I press my fingers against my chest, just beneath my ribs. Something is in there. I don’t know what. I don’t know if I can grab it, or pull it out.

“Just lie down,” he says. “I’ll make this part easy.”

He hovers just at the edge of my reach but I can’t hit him.

How can I kill him?

How can I catch him?

“I don’t want to die,” I say. “I can’t die.”

“We all die,” he says, hovering closer. “Put down your weapons. This isn’t the end, I promise.”

I shiver, setting down my swords. He knows that I’m trying to set a trap, but he approaches anyway. He’s confident in himself, stepping across the barrier between us, and reaching out for me.

He sets a hand on my shoulder, his grip is much too tight. His eyes glow and ice washes through my skin.

“Enough,” I say, threading him with æther. “Stand still.”

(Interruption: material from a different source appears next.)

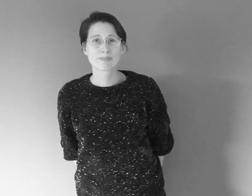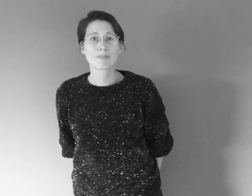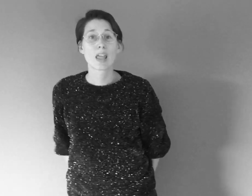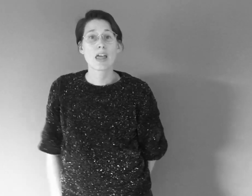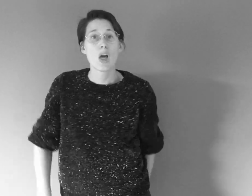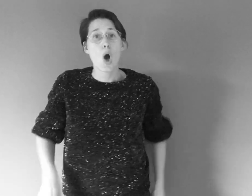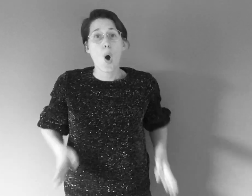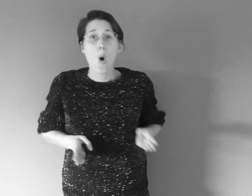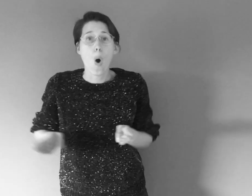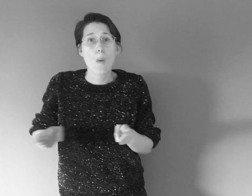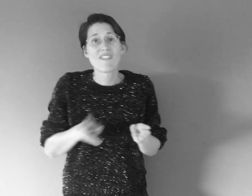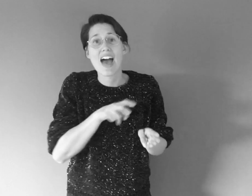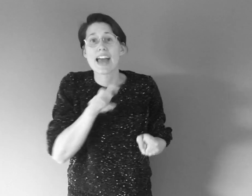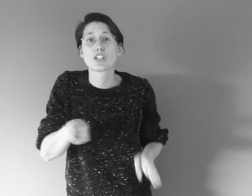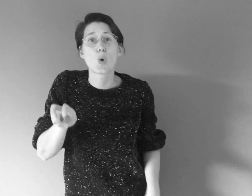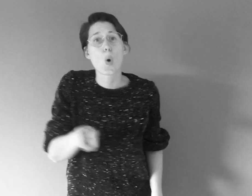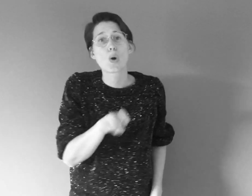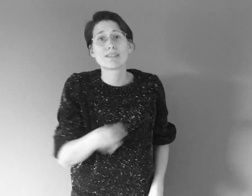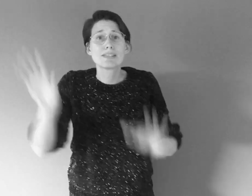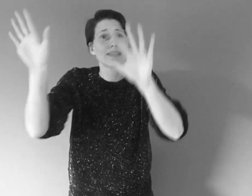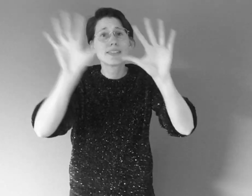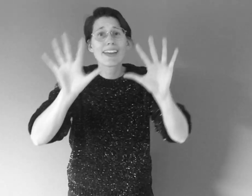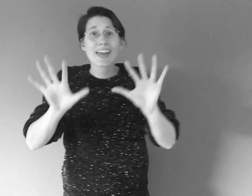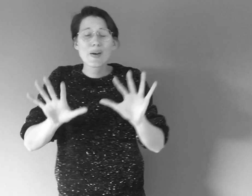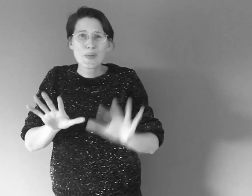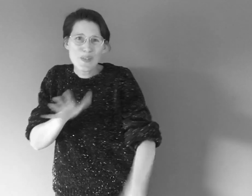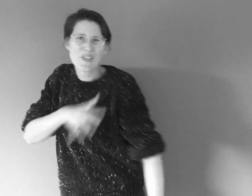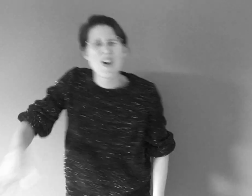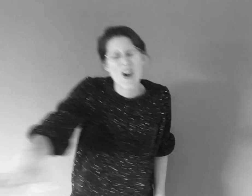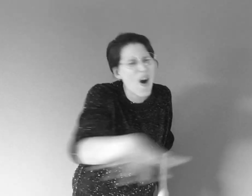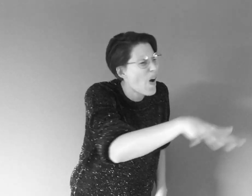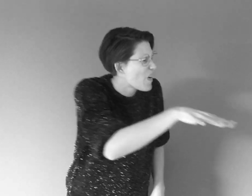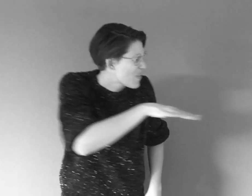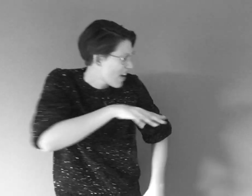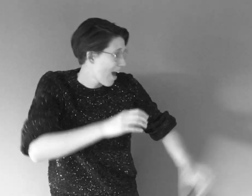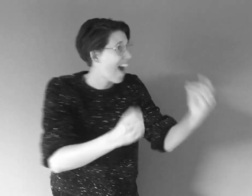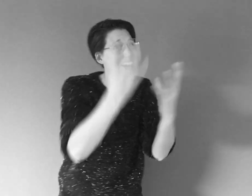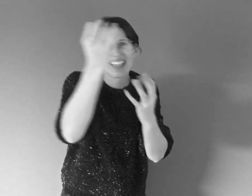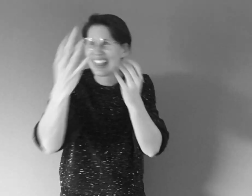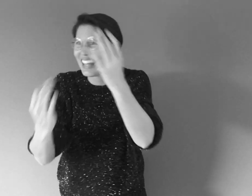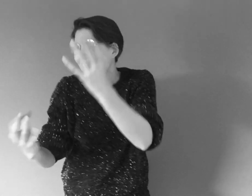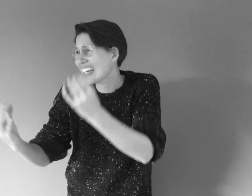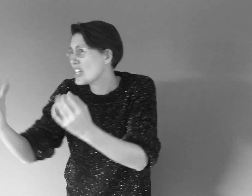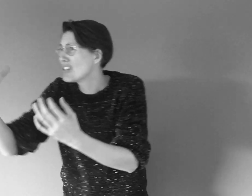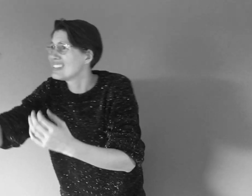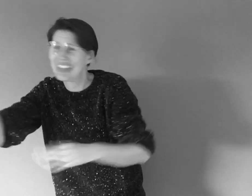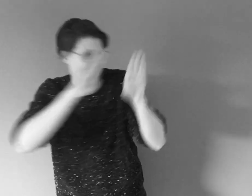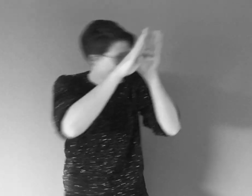Op weg door de sneeuw, overal lichtjes in

My command sends a shudder through him, and though he fights me, he is not as powerful as the last one I tried to grip in the same way. I still don’t know how long it’ll last. I take up my sword, and I thrust it into his chest.

The flames burst through him. He opens his mouth and tries to speak, but nothing comes from him. He falls into nothingness before I can ask anything. Maybe I should have captured him and forced him to tell me all his secrets, but I don’t have the time.

The pain in my chest eases. I probably should have delayed killing him, and ordered him to stop his magic, but it seems that killing him fixed the problem anyway.

I take up my swords and chase after Anna and Olive. Their group has slowly grown, heading out and away from this area, but they’re coming to a stop now. Ahead of them, another group led by another robbed man is speaking with a tall figure in a set of heavy armour.

With only a few words shared, the knight swings his sword. It may not be as large as an adamant weapon, but it’s enough. He cuts through the group, the robed figure and four people behind him all split in two, he slashes again, and more fall.

They blast him with light, and some even toss fireballs, but they flash off his metal armour. The priest, separated from his legs, reaches out for the knight glowing with strange magic and holding him in place for long enough that the rest can scatter and escape.

The knight thrusts down, killing the priest, before turning to look at the group with Anna and Olive.

I jump, grabbing windows to help throw myself higher, when I hit the roof, I sprint for them. I charge, while the knight slowly approaches the group, dark vampires clinging to the darkness, ready to catch anyone who strays from the light. The corpses spread around the town start to stand, they move even without my magic to guide them.

What is happening here?

I dive onto the knight from above, thrusting both swords down at him.